My mother who was 18 and unmarried seemed to think she could get away with going on holiday with an older man with a flash car, and come out of it virgin pure. She couldn’t and when she found she was pregnant she went into a kind of wild hysterical melt-down, refusing food but taking to drink and cigarettes.
Not long after I was born very small and shrivelled, she gave me away. When I met her she told me she had regretted it, but only later. After handing me over she put it out of her mind but six months later she was coming home on the bus from her job in a Dinky toy factory in Charlton, when she suddenly realised that she’d got rid of me and collapsed.
When you adopt a child the mother can change her mind up to six months – she was hit by realisation just after that date passed. Her mind allowed her to do it by blotting it out until it was effectively too late.
After that I was dead to her though I think, that was the moment I died for her.

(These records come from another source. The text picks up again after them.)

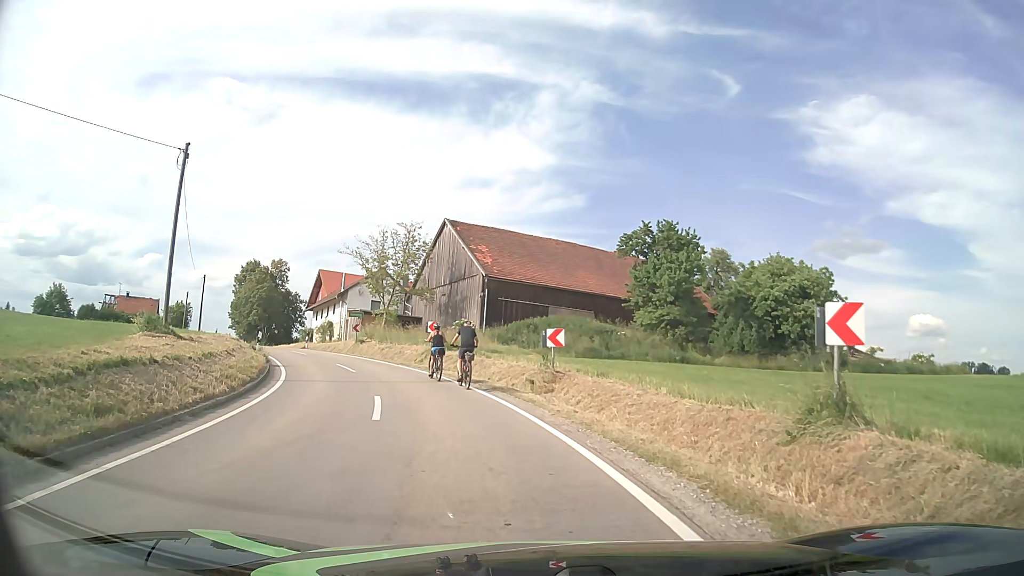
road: tertiary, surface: asphalt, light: Day
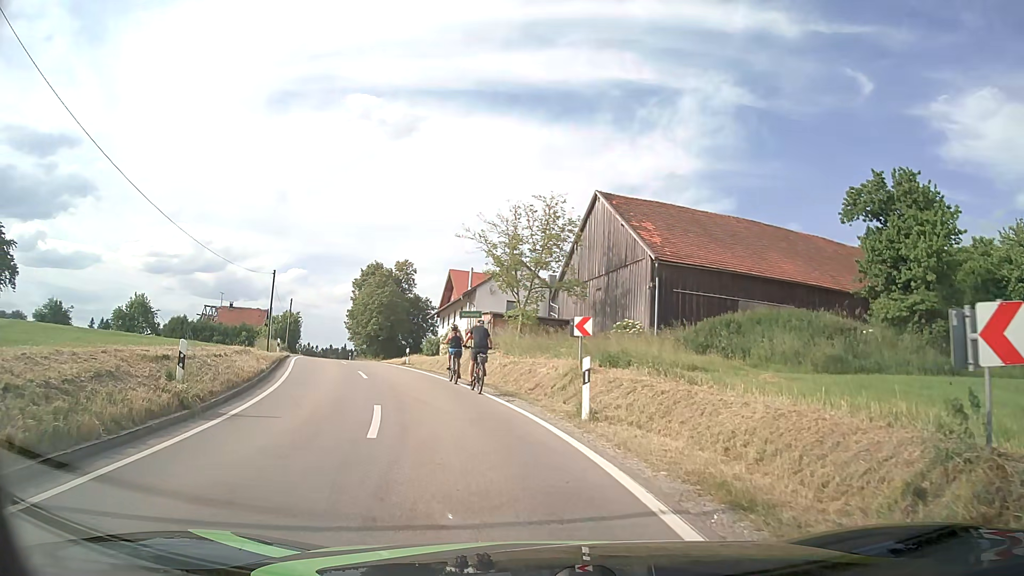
(-1.6, +14.6) m; -13°
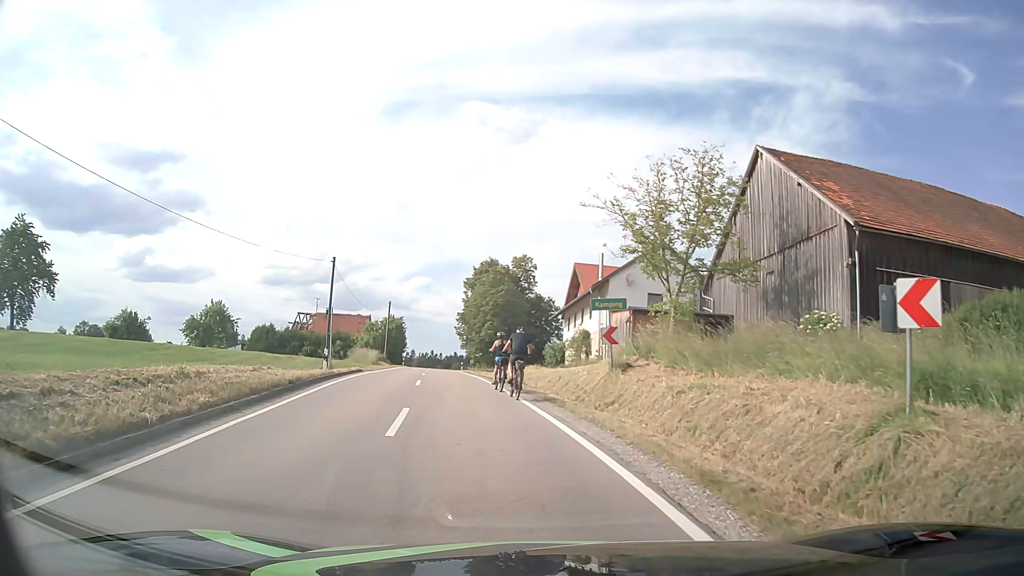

When I appeared in adult life it was like a nuisance ghost returning, or a poltergeist even, as I messed up her tranquil life for awhile.
My original London family had photos taken of me before I was adopted, all done up in fine white linen as if I was being laid out for burial. She gave me those photos. My adoptive mother and I had never seen pictures of me when I was that young. How perplexed and sad I looked, and I still am.
I've got to shake this off - buck up, pull my socks up, get on with it, as God said to Samuel, "Fill thy horn with oil, and go!"